We also were able to squeeze down the center M/E — what we call our small double-up — and we can do simultaneous replays off different [Abekas] Miras. So, after a great touchdown, we keep the guy that ran in for the score center screen, squeeze that down, and now, instead of just showing one replay over his face, you’re showing replays on both wings simultaneously. You’re watching the player watch the replay when he scores. The way we’re able to divide and utilize the space to give better coverage and to give more-intimate looks, I think, has been a very big part of what we’ve been trying to do this year.
Why should people attend the SVG Venue Production Seminar at EverBank Field? What will they learn from the Jags?
I don’t want to minimize what everybody else is doing; there are obviously brilliant shows throughout the league. I think we’re doing something special because of scale and because of our 8K flow. I think, if you’re a technologist, you’ll have an incredible ability to understand how you get out of the native camera into our 8K work environment: how the flow works, how the whole EditShare functionality and the ingestion and the resizing process happen. It’s an incredibly well put-together room, so, on the engineering side or the control-room side, the way the room supports the content, the way the room supports the show that I’m trying to put together is truly stunning and amazing.

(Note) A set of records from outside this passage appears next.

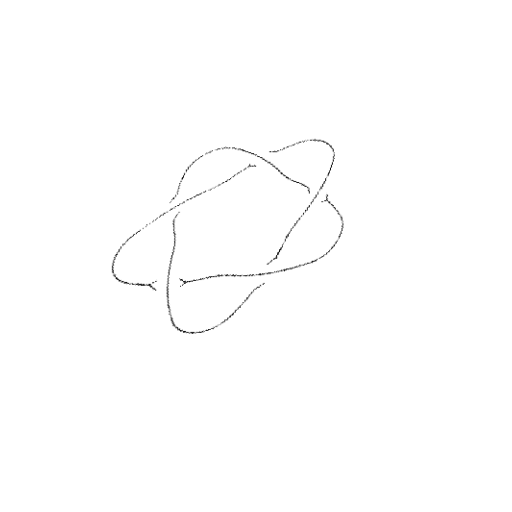
Crossing number: 5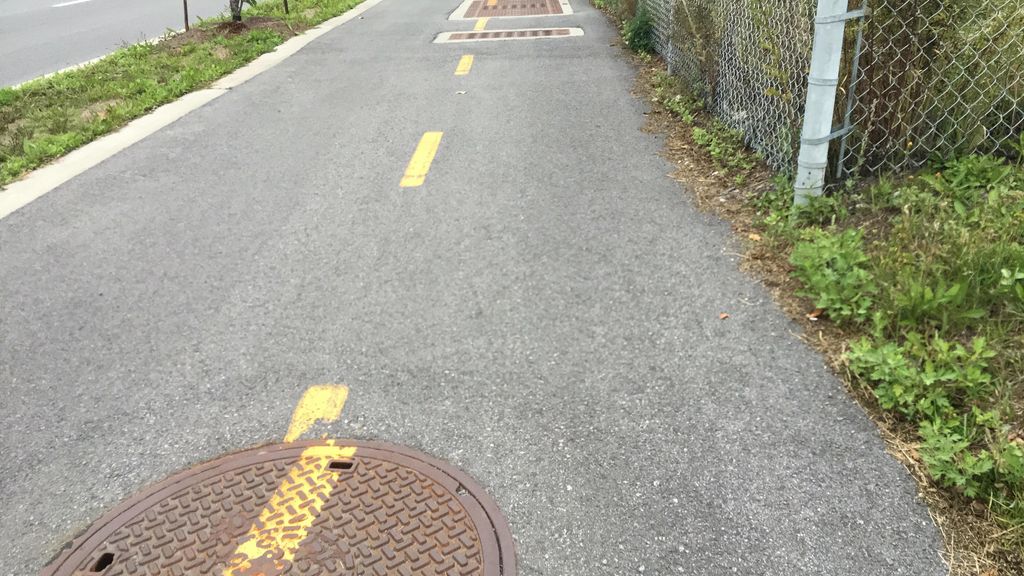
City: montreal
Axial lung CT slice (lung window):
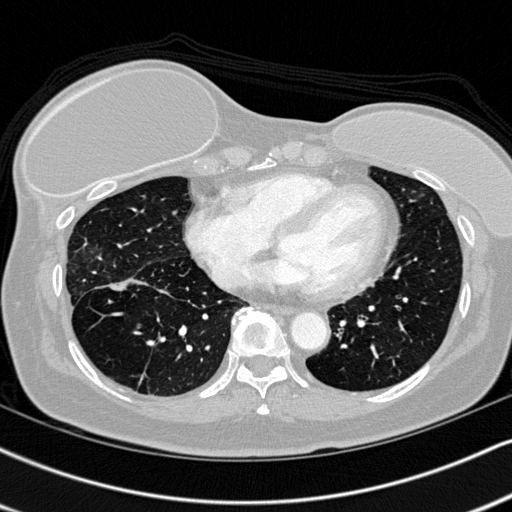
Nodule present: no
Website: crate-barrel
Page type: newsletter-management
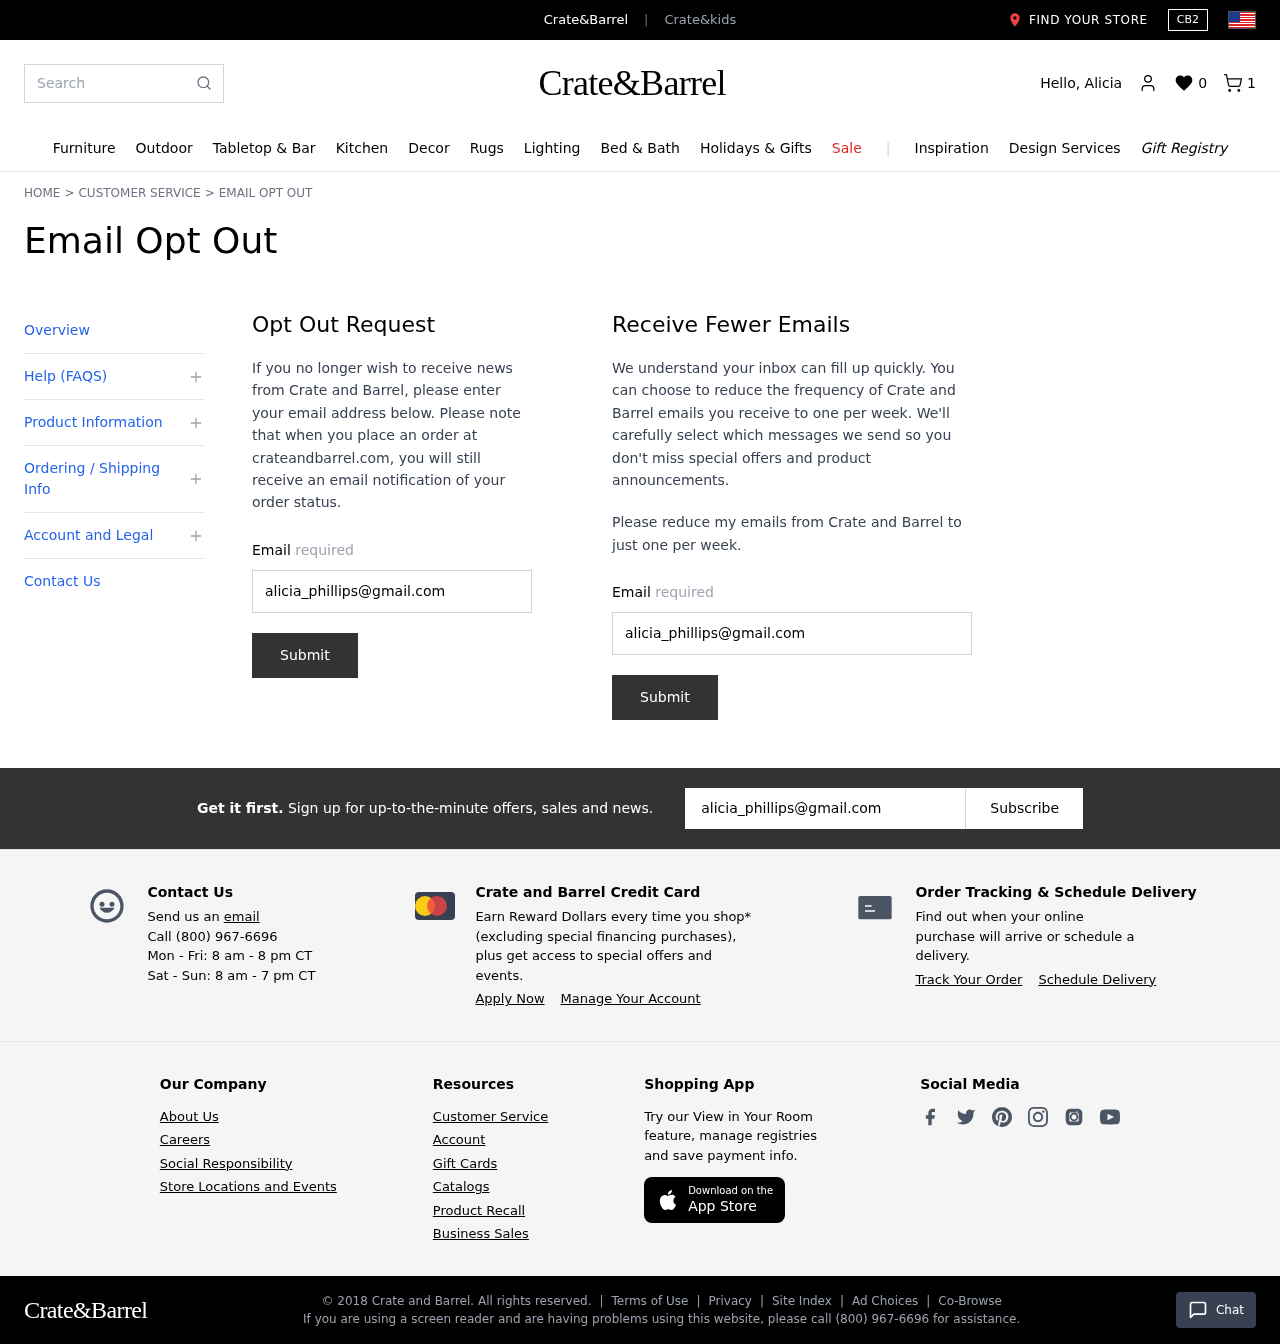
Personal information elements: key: PII_EMAIL
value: alicia_phillips@gmail.com
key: PII_EMAIL2
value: alicia_phillips@gmail.com
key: PII_EMAIL3
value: alicia_phillips@gmail.com
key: PII_FIRSTNAME
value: Alicia
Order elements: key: ORDER_NUM_ITEMS
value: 1
Search elements: key: HEADER_SEARCH
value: Search
Other elements: key: WISHLIST_COUNT
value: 0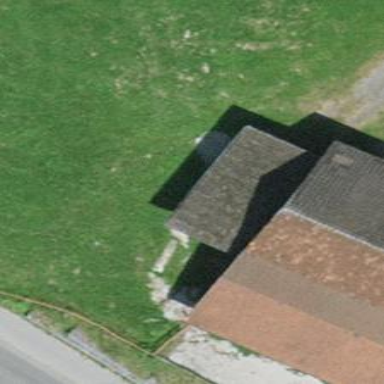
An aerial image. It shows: View of roof of building.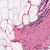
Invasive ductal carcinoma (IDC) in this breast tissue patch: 0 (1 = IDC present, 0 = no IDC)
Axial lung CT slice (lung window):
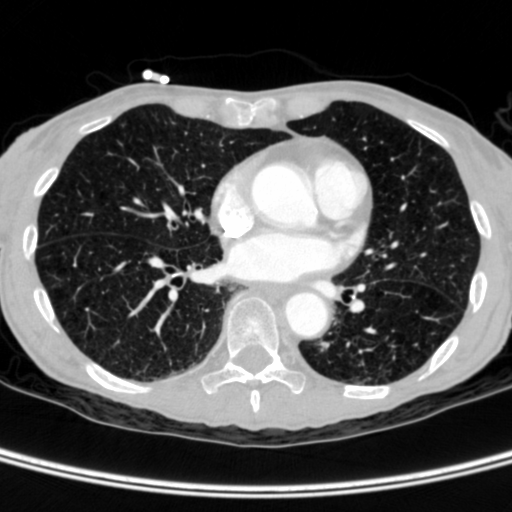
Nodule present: no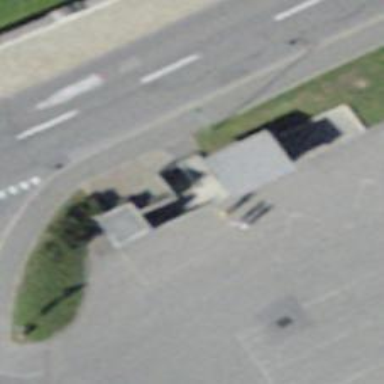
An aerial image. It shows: Post box.

The flexibility, the way we use everything from frame syncs to mix-effects busses to all the I/O, the way we integrate. We have a live studio show, we have a live DJ up on the party deck, we’ve got a live field reporter, we’ve got a drum line, we’ve got cheerleaders, we’ve got mascots. There’s so many things happening simultaneously, and it comes together as an entertaining show. I think, if you’re in this business, there’ll be an awful lot of takeaways.
Karen Hogan contributed to this report.